Treatment emergent adverse events in the sparsentan and irbesartan groups were similar, and included peripheral oedema (14% and 9% of participants, respectively), hypotension, (14% and 6%), hyperkalaemia (13% and 10%), and dizziness (13% and 5%). Treatment emergent adverse events leading to treatment discontinuation were reported in 7% of participants in the sparsentan group and 5% of participants in the irbesartan group. New diuretic use occurred in 18% of participants in the sparsentan group and 19% of participants in the irbesartan group. No participant in either group discontinued treatment due to oedema, there was no evidence of heart failure, and there were no serious adverse events associated with treatment-related fluid retention. Where liver enzyme elevations >3x the upper limit of normal occurred (2% of participants in each group), they were asymptomatic, reversible, and without concurrent elevation in total bilirubin.30,48
Tesař concluded with the reminder that “even with all these treatments we now have available, still a significant proportion of patients progress to kidney failure, partly because they can’t take a medication that may work for a long time due to adverse events. Based on the interim analysis of the PROTECT trial, it seems that combined inhibition of AT1R and ETAR, is a promising strategy, although we need to have the data from the full study to see if the effect on proteinuria is translated to a beneficial eGFR effect.”
Conclusion
A significant proportion of patients with IgAN show a progressive disease course.
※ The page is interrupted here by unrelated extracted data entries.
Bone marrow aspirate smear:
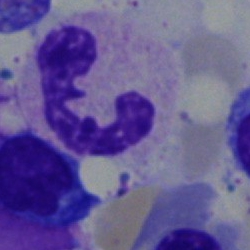The cell is segmented neutrophil.
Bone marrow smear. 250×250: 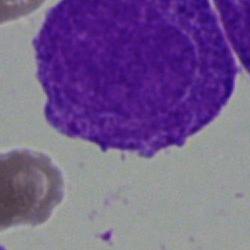The morphological class is undifferentiated blast.
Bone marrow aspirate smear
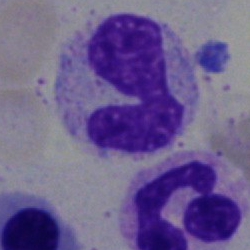

The cell shown is a segmented neutrophil.
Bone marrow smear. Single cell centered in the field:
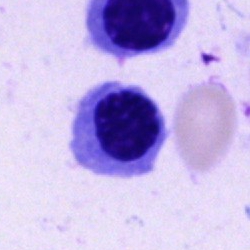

Current treatment recommendations primarily include RAAS inhibition, immunosuppressant treatment, and lifestyle alterations, but a ‘one size fits all’ approach may not target all symptoms in every patient.1,2,4 Delayed-release budesonide17-19 and the dual ETA and AT1 receptor antagonist sparsentan,43-46 which recently received accelerated FDA approval,39 are now available in some countries for people with progressive IgAN, and there are several other drugs in development. The availability of such drugs should mean that each of the four hits of IgAN pathogenesis can now be targeted, depending on the individual symptoms of each patient.